We now compute $\alpha$. Since $\alpha$ is additive and only depends on the group over $\bZ[1/N]$, we see that $\alpha(G_n)=n\alpha(G_1)$, so it suffices to treat the $n=1$ case. Note that $\alpha(G_1)$ is the number of $\bZ/p\bZ$'s appearing in $(G_1)_{\bF_p}$; thus it is $\log_p$ of the order of the étale part of $\cA_{\bF_p}[p]$. Since $G_1$ is admissible, $\cA_{\bF_p}[p]$ has only $\bZ/p\bZ$'s and $\mu_p$'s in it, and so $\cA_{\bF_p}$ is ordinary. This implies that its étale part has order $p^g$, and so $\alpha(G_1)=g$. Thus $\alpha(G_n)=gn$.

We thus have $\delta(G_n)=gn$ and $\alpha(G_n)=gn$. It follows that $h^1(G_n)-h^0(G_n) \le 0$. However, $h^0(G_n)$ is the $p^n$ torsion in $\cA^{\circ}(\bZ) \subset \cA(\bZ)=A(\bQ)$, which is bounded independent of $n$ by the Mordell--Weil theorem. It follows that $h^1(G_n)$ is bounded independent of $n$.

Consider now the short exact sequence of sheaves on the fppf site of $\Spec(\bZ)$:

$$ 0 \to G_n \to \cA^{\circ} \stackrel{p^n}{\to} \cA^{\circ} \to 0. $$

A few remarks:

Taking cohomology, we obtain an injection

$$ \rH^0_{\rm fppf}(\Spec(\bZ), \cA^{\circ}) \otimes \bZ/p^n \bZ \to \rH^1_{\rm fppf}(\Spec(\bZ), G_n). $$

It follows that the cardinality of $\cA^{\circ}(\bZ) \otimes \bZ/p^n \bZ$ is bounded as $n \to \infty$.
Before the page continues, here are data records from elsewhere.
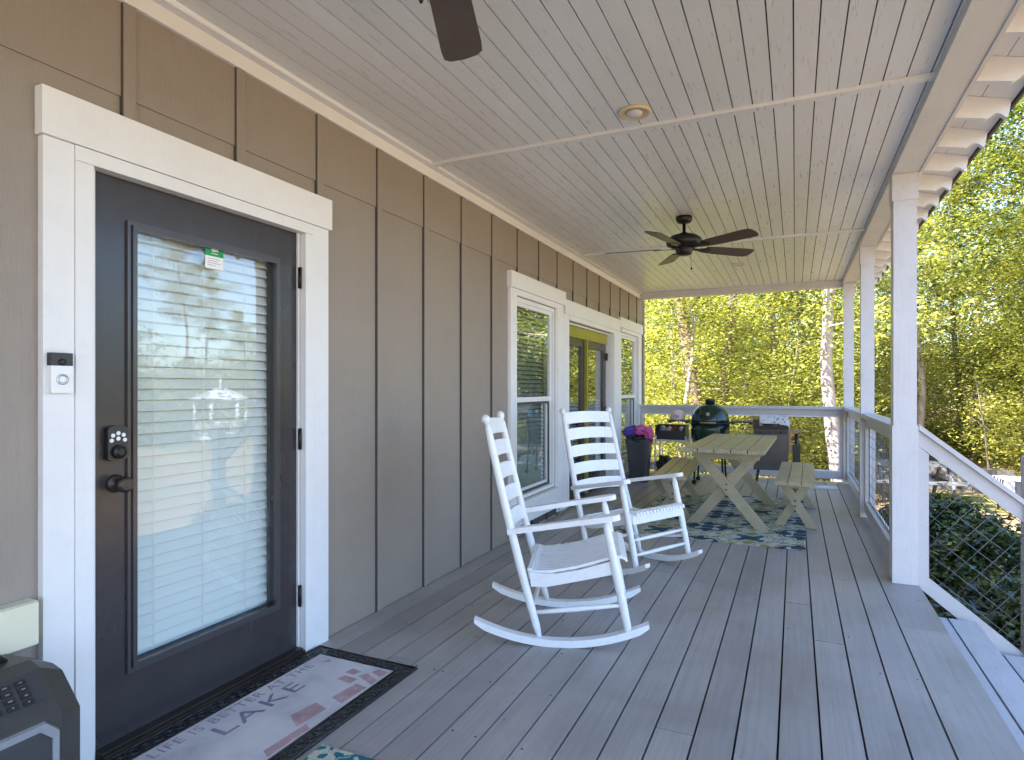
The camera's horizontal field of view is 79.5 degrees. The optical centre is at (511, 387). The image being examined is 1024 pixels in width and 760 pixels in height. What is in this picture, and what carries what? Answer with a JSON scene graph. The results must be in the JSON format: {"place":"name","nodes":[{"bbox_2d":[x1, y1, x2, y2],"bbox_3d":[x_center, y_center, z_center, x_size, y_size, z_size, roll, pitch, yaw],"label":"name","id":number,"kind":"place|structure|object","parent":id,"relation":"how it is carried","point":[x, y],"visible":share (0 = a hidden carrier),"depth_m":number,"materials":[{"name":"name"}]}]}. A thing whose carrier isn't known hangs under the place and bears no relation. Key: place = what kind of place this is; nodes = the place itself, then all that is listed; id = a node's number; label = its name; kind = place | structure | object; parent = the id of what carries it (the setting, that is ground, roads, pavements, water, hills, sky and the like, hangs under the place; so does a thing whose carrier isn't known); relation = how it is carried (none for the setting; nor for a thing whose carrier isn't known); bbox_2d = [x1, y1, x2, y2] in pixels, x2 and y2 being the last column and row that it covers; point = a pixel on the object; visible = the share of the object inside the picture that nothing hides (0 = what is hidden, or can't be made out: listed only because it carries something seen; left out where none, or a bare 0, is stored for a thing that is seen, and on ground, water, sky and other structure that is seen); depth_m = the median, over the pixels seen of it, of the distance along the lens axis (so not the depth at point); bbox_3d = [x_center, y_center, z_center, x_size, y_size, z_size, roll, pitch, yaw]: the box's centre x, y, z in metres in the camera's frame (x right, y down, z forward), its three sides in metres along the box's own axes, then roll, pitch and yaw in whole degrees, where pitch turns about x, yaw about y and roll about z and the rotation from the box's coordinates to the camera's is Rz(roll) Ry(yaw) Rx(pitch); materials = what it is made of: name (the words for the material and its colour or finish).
{"place":"outdoors","nodes":[
{"label":"outdoors","id":0,"kind":"place"},
{"bbox_2d":[296,471,1023,759],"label":"deck floor","id":1,"kind":"structure","parent":0,"point":[832,642],"depth_m":2.90,"materials":[{"name":"paint"}]},
{"bbox_2d":[0,654,79,759],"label":"party speaker","id":2,"kind":"object","parent":1,"relation":"on","point":[39,712],"visible":1,"depth_m":1.71},
{"bbox_2d":[108,645,417,759],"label":"doormat","id":3,"kind":"object","parent":1,"relation":"on","point":[297,707],"visible":1,"depth_m":2.45,"materials":[{"name":"white fabric"}]},
{"bbox_2d":[303,745,374,759],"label":"rug","id":4,"kind":"object","parent":1,"relation":"on","point":[323,752],"visible":1,"depth_m":2.16,"materials":[{"name":"fabric"}]},
{"bbox_2d":[474,411,648,647],"bbox_3d":[0.251,0.710,3.392,0.875,1.189,0.644,-4,0,8],"label":"rocking chair","id":5,"kind":"object","parent":1,"relation":"on","point":[546,562],"visible":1,"depth_m":3.15,"materials":[{"name":"white paint"}]},
{"bbox_2d":[556,407,702,574],"bbox_3d":[0.816,0.712,4.575,0.644,1.189,0.875,0,-6,-38],"label":"rocking chair","id":6,"kind":"object","parent":1,"relation":"on","point":[631,517],"visible":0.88,"depth_m":4.62,"materials":[{"name":"white paint"}]},
{"bbox_2d":[625,435,651,481],"bbox_3d":[1.778,0.949,8.573,0.380,0.700,0.365,0,0,25],"label":"planter","id":7,"kind":"object","parent":1,"relation":"on","point":[639,448],"visible":0.82,"depth_m":8.48,"materials":[{"name":"plastic"}]},
{"bbox_2d":[621,424,653,444],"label":"flowers","id":8,"kind":"object","parent":7,"relation":"in","point":[641,429],"visible":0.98,"depth_m":8.46,"materials":[{"name":"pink plant"}]},
{"bbox_2d":[656,455,671,471],"bbox_3d":[2.188,1.136,8.747,0.258,0.378,0.273,0,0,-25],"label":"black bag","id":9,"kind":"object","parent":1,"relation":"on","point":[662,461],"visible":0.25,"depth_m":8.70,"materials":[{"name":"plastic"}]},
{"bbox_2d":[652,435,691,477],"bbox_3d":[2.312,0.989,8.864,0.520,0.621,0.380,0,0,25],"label":"serving cart","id":10,"kind":"object","parent":1,"relation":"on","point":[686,440],"visible":0.52,"depth_m":8.79,"materials":[{"name":"white paint"}]},
{"bbox_2d":[655,424,688,439],"bbox_3d":[2.303,0.629,8.868,0.420,0.200,0.320,0,0,25],"label":"storage box","id":11,"kind":"object","parent":10,"relation":"on","point":[673,431],"visible":1,"depth_m":8.78,"materials":[{"name":"black plastic"}]},
{"bbox_2d":[667,399,752,483],"bbox_3d":[2.688,0.722,8.366,1.113,1.151,0.570,0,0,25],"label":"kamado grill","id":12,"kind":"object","parent":1,"relation":"on","point":[709,417],"visible":0.79,"depth_m":8.21,"materials":[{"name":"green ceramic"}]},
{"bbox_2d":[669,409,684,419],"bbox_3d":[2.277,0.366,8.501,0.200,0.149,0.290,0,0,25],"label":"cap","id":13,"kind":"object","parent":12,"relation":"on","point":[677,414],"visible":1,"depth_m":8.46,"materials":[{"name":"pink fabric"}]},
{"bbox_2d":[616,492,805,550],"bbox_3d":[2.162,1.296,6.336,1.550,0.007,2.440,0,0,25],"label":"area rug","id":14,"kind":"object","parent":1,"relation":"on","point":[724,520],"visible":0.57,"depth_m":5.76,"materials":[{"name":"fabric"}]},
{"bbox_2d":[652,457,700,518],"bbox_3d":[1.807,1.067,6.653,0.367,0.450,1.620,0,0,22],"label":"bench","id":15,"kind":"object","parent":14,"relation":"on","point":[687,467],"visible":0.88,"depth_m":6.29,"materials":[{"name":"green paint"}]},
{"bbox_2d":[682,434,776,529],"bbox_3d":[2.300,0.919,6.361,0.744,0.745,1.950,0,0,26],"label":"picnic table","id":16,"kind":"object","parent":14,"relation":"on","point":[750,451],"visible":1,"depth_m":5.79,"materials":[{"name":"green paint"}]},
{"bbox_2d":[774,462,816,528],"bbox_3d":[2.883,1.067,6.247,0.367,0.450,1.620,0,0,26],"label":"bench","id":17,"kind":"object","parent":14,"relation":"on","point":[795,481],"visible":1,"depth_m":5.77,"materials":[{"name":"green paint"}]},
{"bbox_2d":[753,417,801,481],"bbox_3d":[3.370,0.837,7.842,0.565,0.927,0.446,0,0,21],"label":"gas grill","id":18,"kind":"object","parent":1,"relation":"on","point":[775,456],"visible":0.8,"depth_m":7.69,"materials":[{"name":"grey metal"}]},
{"bbox_2d":[759,415,789,429],"bbox_3d":[3.327,0.438,7.827,0.348,0.195,0.360,0,0,21],"label":"folded cloth","id":19,"kind":"object","parent":18,"relation":"on","point":[776,419],"visible":1,"depth_m":7.71,"materials":[{"name":"white fabric"}]},
{"bbox_2d":[843,282,854,483],"bbox_3d":[4.579,-0.061,8.379,0.134,2.720,0.136,0,0,25],"label":"porch post","id":20,"kind":"object","parent":1,"relation":"on","point":[848,341],"visible":0.83,"depth_m":8.33,"materials":[{"name":"paint"}]},
{"bbox_2d":[639,404,842,478],"bbox_3d":[3.254,0.750,8.993,2.786,0.989,0.136,0,0,25],"label":"porch railing","id":21,"kind":"object","parent":20,"relation":"attached to","point":[799,411],"visible":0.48,"depth_m":8.73,"materials":[{"name":"paint"}]},
{"bbox_2d":[844,407,859,500],"bbox_3d":[4.092,0.750,7.306,0.136,0.989,2.222,0,0,25],"label":"porch railing","id":22,"kind":"object","parent":20,"relation":"attached to","point":[853,414],"visible":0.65,"depth_m":7.72,"materials":[{"name":"paint"}]},
{"bbox_2d":[859,246,875,517],"bbox_3d":[3.594,-0.061,6.235,0.134,2.720,0.136,0,0,25],"label":"porch post","id":23,"kind":"object","parent":1,"relation":"on","point":[867,258],"visible":0.86,"depth_m":6.19,"materials":[{"name":"paint"}]},
{"bbox_2d":[861,413,890,553],"bbox_3d":[3.120,0.750,5.191,0.136,0.989,2.158,0,0,25],"label":"porch railing","id":24,"kind":"object","parent":23,"relation":"attached to","point":[877,423],"visible":0.62,"depth_m":5.49,"materials":[{"name":"paint"}]},
{"bbox_2d":[889,172,918,585],"bbox_3d":[2.633,-0.061,4.142,0.148,2.720,0.150,0,0,25],"label":"porch post","id":25,"kind":"object","parent":1,"relation":"on","point":[903,474],"visible":1,"depth_m":4.08,"materials":[{"name":"paint"}]},
{"bbox_2d":[939,617,1023,751],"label":"porch stairs","id":26,"kind":"structure","parent":1,"relation":"attached to","point":[999,676],"depth_m":3.25,"materials":[{"name":"paint"}]},
{"bbox_2d":[810,485,838,489],"bbox_3d":[4.058,1.290,8.018,0.320,0.018,0.280,0,0,23],"label":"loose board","id":27,"kind":"object","parent":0,"point":[825,487],"visible":0.89,"depth_m":7.97,"materials":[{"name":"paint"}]},
{"bbox_2d":[645,103,1023,354],"label":"sky","id":28,"kind":"structure","parent":0,"point":[1020,103],"materials":[{"name":"white"}]},
{"bbox_2d":[651,355,1020,619],"bbox_3d":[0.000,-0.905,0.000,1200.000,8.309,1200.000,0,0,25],"label":"ground","id":29,"kind":"structure","parent":0,"point":[982,465],"depth_m":16.34,"materials":[{"name":"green plant"}]},
{"bbox_2d":[0,0,644,759],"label":"house","id":30,"kind":"structure","parent":29,"relation":"on","point":[308,336],"depth_m":2.72,"materials":[{"name":"paint"}]},
{"bbox_2d":[0,598,38,654],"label":"outlet cover","id":31,"kind":"object","parent":30,"relation":"attached to","point":[19,624],"visible":1,"depth_m":1.89,"materials":[{"name":"beige plastic"}]},
{"bbox_2d":[47,352,72,392],"bbox_3d":[-1.468,-0.049,2.002,0.029,0.130,0.066,0,0,25],"label":"doorbell","id":32,"kind":"object","parent":30,"relation":"attached to","point":[60,373],"visible":1,"depth_m":1.99,"materials":[{"name":"white plastic"}]},
{"bbox_2d":[95,171,301,749],"bbox_3d":[-1.298,0.255,2.613,0.232,2.030,0.973,0,0,25],"label":"door","id":33,"kind":"structure","parent":30,"relation":"in","point":[195,303],"depth_m":2.54,"materials":[{"name":"paint"}]},
{"bbox_2d":[517,297,554,497],"bbox_3d":[0.171,0.094,5.823,0.133,1.793,1.005,0,0,25],"label":"window","id":34,"kind":"structure","parent":30,"relation":"in","point":[529,452],"depth_m":6.03,"materials":[{"name":"white paint"}]},
{"bbox_2d":[569,337,583,499],"bbox_3d":[0.656,0.343,7.021,0.089,1.836,0.817,0,0,25],"label":"door","id":35,"kind":"structure","parent":30,"relation":"in","point":[576,342],"depth_m":7.28,"materials":[{"name":"paint"}]},
{"bbox_2d":[588,341,607,490],"bbox_3d":[1.045,0.343,7.835,0.117,1.836,0.869,0,0,25],"label":"door","id":36,"kind":"structure","parent":30,"relation":"in","point":[591,345],"depth_m":8.08,"materials":[{"name":"paint"}]},
{"bbox_2d":[175,0,1023,299],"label":"porch roof","id":37,"kind":"structure","parent":30,"relation":"attached to","point":[797,134],"depth_m":3.20,"materials":[{"name":"paint"}]},
{"bbox_2d":[419,0,481,61],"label":"ceiling fan","id":38,"kind":"object","parent":37,"relation":"hanging from","point":[457,30],"visible":1,"depth_m":2.06,"materials":[{"name":"black metal"}]},
{"bbox_2d":[618,104,651,120],"bbox_3d":[0.652,-1.456,3.277,0.176,0.028,0.176,0,0,25],"label":"recessed light","id":39,"kind":"object","parent":37,"relation":"attached to","point":[635,112],"visible":1,"depth_m":3.25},
{"bbox_2d":[605,215,758,269],"bbox_3d":[1.508,-1.240,5.242,1.316,0.459,1.260,0,0,-35],"label":"ceiling fan","id":40,"kind":"object","parent":37,"relation":"hanging from","point":[684,243],"visible":1,"depth_m":5.20,"materials":[{"name":"black metal"}]},
{"bbox_2d":[731,262,743,265],"bbox_3d":[2.672,-1.465,7.301,0.140,0.010,0.140,0,0,25],"label":"ceiling plate","id":41,"kind":"object","parent":37,"relation":"attached to","point":[737,264],"visible":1,"depth_m":7.31,"materials":[{"name":"paint"}]},
{"bbox_2d":[621,332,636,458],"bbox_3d":[1.658,0.103,9.059,0.133,1.773,1.054,0,0,25],"label":"window","id":42,"kind":"structure","parent":30,"relation":"in","point":[633,340],"depth_m":9.39,"materials":[{"name":"white paint"}]},
{"bbox_2d":[645,300,717,398],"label":"deciduous tree","id":43,"kind":"object","parent":29,"relation":"on","point":[658,343],"visible":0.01,"depth_m":19.73,"materials":[{"name":"green plant"}]},
{"bbox_2d":[675,298,705,473],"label":"pine tree","id":44,"kind":"object","parent":29,"relation":"on","point":[686,340],"depth_m":14.81,"materials":[{"name":"beige plant"}]},
{"bbox_2d":[665,297,723,404],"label":"deciduous tree","id":45,"kind":"object","parent":29,"relation":"on","point":[698,344],"visible":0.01,"depth_m":27.74,"materials":[{"name":"green plant"}]},
{"bbox_2d":[645,294,786,457],"bbox_3d":[4.606,-0.920,16.495,5.053,6.926,4.481,0,0,25],"label":"deciduous tree","id":46,"kind":"object","parent":29,"relation":"on","point":[672,341],"visible":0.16,"depth_m":16.14,"materials":[{"name":"green plant"}]},
{"bbox_2d":[645,292,788,445],"bbox_3d":[6.063,-4.208,23.285,8.363,13.597,8.358,0,0,29],"label":"deciduous tree","id":47,"kind":"object","parent":29,"relation":"on","point":[661,354],"visible":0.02,"depth_m":23.07,"materials":[{"name":"green plant"}]},
{"bbox_2d":[716,294,736,460],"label":"pine tree","id":48,"kind":"object","parent":29,"relation":"on","point":[725,350],"depth_m":17.34,"materials":[{"name":"brown plant"}]},
{"bbox_2d":[645,292,822,462],"bbox_3d":[3.651,-1.047,13.242,4.730,7.310,5.334,0,0,0],"label":"deciduous tree","id":49,"kind":"object","parent":29,"relation":"on","point":[691,317],"visible":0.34,"depth_m":12.65,"materials":[{"name":"green plant"}]},
{"bbox_2d":[687,294,791,391],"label":"deciduous tree","id":50,"kind":"object","parent":29,"relation":"on","point":[754,338],"depth_m":29.75,"materials":[{"name":"green plant"}]},
{"bbox_2d":[650,281,878,403],"bbox_3d":[9.284,-5.251,24.280,9.473,15.410,9.479,0,0,-45],"label":"deciduous tree","id":51,"kind":"object","parent":29,"relation":"on","point":[753,334],"depth_m":24.06,"materials":[{"name":"green plant"}]},
{"bbox_2d":[740,291,837,399],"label":"deciduous tree","id":52,"kind":"object","parent":29,"relation":"on","point":[783,331],"depth_m":33.88,"materials":[{"name":"green plant"}]},
{"bbox_2d":[667,288,926,446],"bbox_3d":[7.497,-2.511,17.215,5.621,10.258,7.266,0,0,-32],"label":"deciduous tree","id":53,"kind":"object","parent":29,"relation":"on","point":[773,326],"visible":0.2,"depth_m":17.35,"materials":[{"name":"green plant"}]},
{"bbox_2d":[646,301,989,474],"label":"brush stems","id":54,"kind":"object","parent":29,"relation":"on","point":[986,448],"visible":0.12,"depth_m":15.67,"materials":[{"name":"brown plant"}]},
{"bbox_2d":[709,270,936,453],"bbox_3d":[8.996,-3.224,19.428,6.429,11.733,8.312,0,0,14],"label":"deciduous tree","id":55,"kind":"object","parent":29,"relation":"on","point":[818,334],"visible":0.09,"depth_m":19.44,"materials":[{"name":"green plant"}]},
{"bbox_2d":[775,288,881,402],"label":"deciduous tree","id":56,"kind":"object","parent":29,"relation":"on","point":[818,346],"visible":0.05,"depth_m":29.27,"materials":[{"name":"green plant"}]},
{"bbox_2d":[645,276,1021,412],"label":"distant woods","id":57,"kind":"object","parent":29,"relation":"on","point":[889,353],"visible":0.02,"depth_m":33.60,"materials":[{"name":"green plant"}]},
{"bbox_2d":[645,291,1023,481],"bbox_3d":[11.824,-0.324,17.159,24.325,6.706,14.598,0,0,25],"label":"understory","id":58,"kind":"object","parent":29,"relation":"on","point":[815,445],"visible":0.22,"depth_m":16.52,"materials":[{"name":"green plant"}]},
{"bbox_2d":[700,102,1023,481],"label":"pale trunk tree","id":59,"kind":"object","parent":29,"relation":"on","point":[828,297],"visible":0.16,"depth_m":11.83,"materials":[{"name":"green plant"}]},
{"bbox_2d":[804,269,919,401],"bbox_3d":[18.562,-3.946,33.690,5.893,10.754,7.618,0,0,18],"label":"deciduous tree","id":60,"kind":"object","parent":29,"relation":"on","point":[856,289],"visible":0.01,"depth_m":32.93,"materials":[{"name":"green plant"}]},
{"bbox_2d":[836,250,944,364],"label":"deciduous tree","id":61,"kind":"object","parent":29,"relation":"on","point":[887,316],"visible":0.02,"depth_m":36.33,"materials":[{"name":"green plant"}]},
{"bbox_2d":[855,459,973,501],"bbox_3d":[8.216,1.921,12.733,1.800,0.782,1.700,0,0,17],"label":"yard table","id":62,"kind":"object","parent":29,"relation":"on","point":[952,484],"visible":0.2,"depth_m":12.32,"materials":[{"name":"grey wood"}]},
{"bbox_2d":[823,464,1014,491],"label":"stone wall","id":63,"kind":"structure","parent":29,"relation":"on","point":[1002,472],"depth_m":13.71,"materials":[{"name":"grey stone"}]},
{"bbox_2d":[835,197,1004,413],"bbox_3d":[16.433,-3.234,24.546,7.605,10.736,5.883,0,0,38],"label":"deciduous tree","id":64,"kind":"object","parent":29,"relation":"on","point":[889,363],"visible":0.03,"depth_m":24.55,"materials":[{"name":"green plant"}]},
{"bbox_2d":[817,159,1023,426],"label":"pale trunk tree","id":65,"kind":"object","parent":29,"relation":"on","point":[921,372],"visible":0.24,"depth_m":17.30,"materials":[{"name":"green plant"}]},
{"bbox_2d":[879,245,975,401],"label":"deciduous tree","id":66,"kind":"object","parent":29,"relation":"on","point":[941,317],"visible":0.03,"depth_m":34.24,"materials":[{"name":"green plant"}]},
{"bbox_2d":[841,129,1023,440],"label":"deciduous tree","id":67,"kind":"object","parent":29,"relation":"on","point":[937,214],"visible":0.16,"depth_m":21.19,"materials":[{"name":"green plant"}]},
{"bbox_2d":[878,490,1009,584],"bbox_3d":[5.104,1.771,7.527,1.629,1.105,1.791,0,0,25],"label":"evergreen shrub","id":68,"kind":"object","parent":29,"relation":"on","point":[936,508],"visible":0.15,"depth_m":7.16,"materials":[{"name":"green plant"}]},
{"bbox_2d":[882,98,1023,449],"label":"deciduous tree","id":69,"kind":"object","parent":29,"relation":"on","point":[998,186],"visible":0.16,"depth_m":19.81,"materials":[{"name":"green plant"}]},
{"bbox_2d":[886,95,1023,385],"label":"deciduous tree","id":70,"kind":"object","parent":29,"relation":"on","point":[1013,129],"visible":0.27,"depth_m":16.39,"materials":[{"name":"green plant"}]},
{"bbox_2d":[917,424,1023,656],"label":"stair railing","id":71,"kind":"object","parent":29,"relation":"on","point":[977,477],"visible":0.97,"depth_m":3.98,"materials":[{"name":"paint"}]},
{"bbox_2d":[922,504,1020,642],"bbox_3d":[4.813,1.749,5.875,2.068,1.192,1.855,0,0,25],"label":"evergreen shrub","id":72,"kind":"object","parent":29,"relation":"on","point":[977,541],"visible":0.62,"depth_m":5.83,"materials":[{"name":"green plant"}]},
{"bbox_2d":[924,119,1023,372],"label":"deciduous tree","id":73,"kind":"object","parent":29,"relation":"on","point":[993,203],"visible":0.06,"depth_m":22.81,"materials":[{"name":"green plant"}]},
{"bbox_2d":[936,422,1017,443],"bbox_3d":[16.860,1.567,21.878,3.337,0.990,0.871,0,0,5],"label":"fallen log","id":74,"kind":"object","parent":29,"relation":"on","point":[979,433],"visible":0.04,"depth_m":21.81,"materials":[{"name":"brown wood"}]},
{"bbox_2d":[938,569,1020,655],"bbox_3d":[4.060,1.848,4.404,1.888,1.004,1.761,0,0,25],"label":"evergreen shrub","id":75,"kind":"object","parent":29,"relation":"on","point":[1011,629],"visible":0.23,"depth_m":4.63,"materials":[{"name":"green plant"}]},
{"bbox_2d":[937,121,1023,415],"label":"pine tree","id":76,"kind":"object","parent":29,"relation":"on","point":[979,218],"visible":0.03,"depth_m":28.37,"materials":[{"name":"green plant"}]},
{"bbox_2d":[940,195,1023,461],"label":"deciduous tree","id":77,"kind":"object","parent":29,"relation":"on","point":[1000,232],"visible":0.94,"depth_m":14.22,"materials":[{"name":"green plant"}]},
{"bbox_2d":[940,138,1023,381],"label":"deciduous tree","id":78,"kind":"object","parent":29,"relation":"on","point":[965,297],"visible":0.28,"depth_m":17.91,"materials":[{"name":"green plant"}]},
{"bbox_2d":[950,170,1023,305],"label":"deciduous tree","id":79,"kind":"object","parent":29,"relation":"on","point":[987,187],"visible":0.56,"depth_m":15.78,"materials":[{"name":"green plant"}]},
{"bbox_2d":[962,179,1023,339],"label":"deciduous tree","id":80,"kind":"object","parent":29,"relation":"on","point":[1021,183],"visible":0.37,"depth_m":17.21,"materials":[{"name":"green plant"}]},
{"bbox_2d":[992,475,1020,515],"bbox_3d":[9.561,1.993,11.116,1.265,0.660,0.855,0,0,25],"label":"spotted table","id":81,"kind":"object","parent":29,"relation":"on","point":[1013,483],"visible":0.54,"depth_m":11.01,"materials":[{"name":"metal"}]},
{"bbox_2d":[998,342,1022,416],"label":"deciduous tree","id":82,"kind":"object","parent":29,"relation":"on","point":[1016,396],"visible":0.02,"depth_m":25.40,"materials":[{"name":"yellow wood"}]}
]}

Let $C$ be the $\bF_N$-points of the component group of $\cA_{\bF_N}$. Then there is an exact sequence

$$ 0 \to \cA^{\circ}(\bZ) \to \cA(\bZ) \to C $$

It follows that $\cA^{\circ}(\bZ)$ is a finite index subgroup of $\cA(\bZ)=A(\bQ)$. In particular, $\cA^{\circ}(\bZ)$ is finitely generated. Since the cardinality of $\cA^{\circ}(\bZ) \otimes \bZ/p^n \bZ$ is bounded, it follows that $\cA^{\circ}(\bZ)$ has rank 0. Thus $A(\bQ)$ has rank zero, as it contains $\cA^{\circ}(\bZ)$ with finite index.